A common mistake in conducting experiments is to neglect variation. Engineers are quite prone to this. We tend to think in deterministic formulas. This leads us to ignore the effects of variation in conducting experiments. To best explain this I will give an example.

Please note: I was not involved in this experiment. I am recounting the events of the experiment as well as I observed them from the outside. Some of the details have been simplified to ease reporting on them in my blog.

There was an experiment conducted at my employer about six years ago. The goal of the experiment was to select a material resistant to cavitation erosion. The material was to go into a piping system where it would be subjected to severe cavitation.

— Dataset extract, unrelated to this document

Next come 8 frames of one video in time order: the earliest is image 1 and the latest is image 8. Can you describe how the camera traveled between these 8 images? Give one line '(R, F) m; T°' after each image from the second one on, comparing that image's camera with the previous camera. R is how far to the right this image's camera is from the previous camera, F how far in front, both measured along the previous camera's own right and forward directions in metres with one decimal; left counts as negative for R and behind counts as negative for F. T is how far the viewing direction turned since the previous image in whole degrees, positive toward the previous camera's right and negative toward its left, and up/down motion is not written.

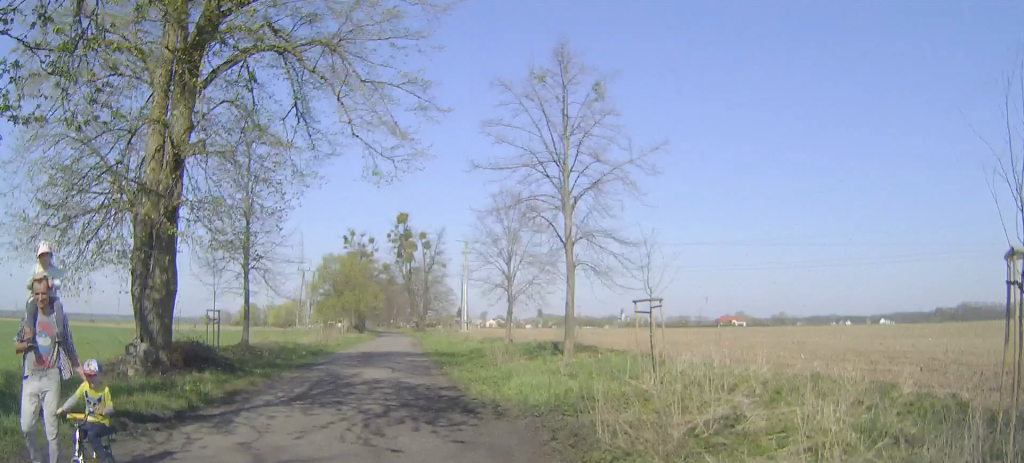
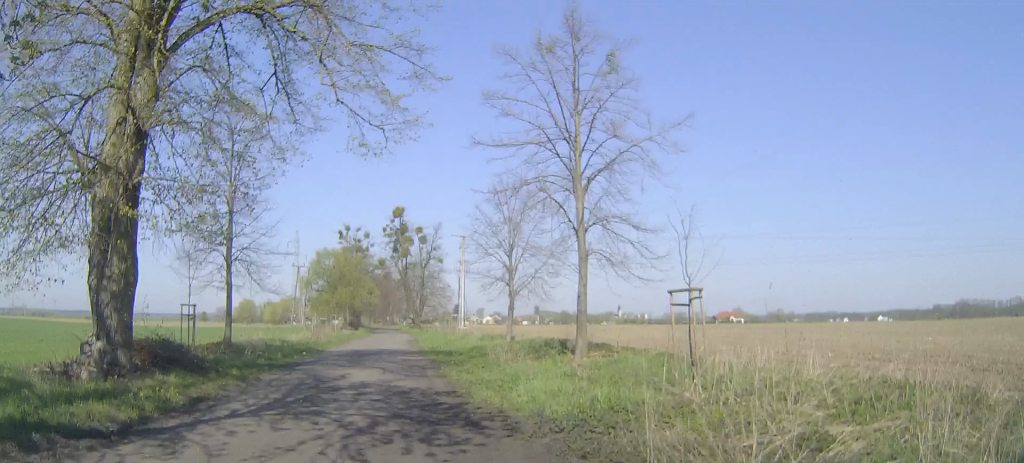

There was a sample tested for each candidate material. The testing entailed putting the sample under thermo-hydraulic conditions replicating those in the actual flow loop. After exposure to the test conditions the number of cavitation pits in the sample was counted. The data resembled something like that in graph below.

There were three materials tested. There was a count of cavitation pits per unit area for each material. The best material for the application is material A, right? What could be simpler than that?

In selecting material A there is actually a hidden unstated assumption. The assumption is that there is little to no variation in the material properties. If you were to rerun the test with additional samples you would get essentially the same result. To word it another way there is a low coefficient of variation. . If this assumption is true and we run the test multiple times and we then plot the data from these tests as a probability distribution we would have something that would look like what is shown below, the data from the original actual test is indicated with the asterisk.


But the sad, ugly reality is that we cannot make that assumption without additional information. Material testing can have wide scatter in the data. Samples of nominally identical material but from different lots can have widely varying properties.

For all we know the probability distribution from running multiple samples would look like this:


Once again the actual data from the original test is shown with an asterisk. In this case there is no longer a significant difference in the behavior of the three materials. I am assuming that our one datapoint for each material falls at the mean. But based on the experimental data we can’t even be sure of that.

For all we know the distributions look like this:


In this case there is no difference in the three materials. All we have is three datapoints from a single distribution curve.

Worse yet, perhaps the true, unknown, distributions look like what is shown below here.


The one datapoint for C which did worse than our one datapoint for A and one datapoint for B is actually drawn from a distribution whose mean is better than that of A and B.

Based on the limited amount of data and no information as to what the distributions are there is no reliable way to select between materials A, B, or C.

The way to conduct a test such as this and make a reliable determination is to run multiples of each sample so we can distinguish the variation within a sample material and between sample materials. The statistical procedure to use is called analysis of variance or ANOVA.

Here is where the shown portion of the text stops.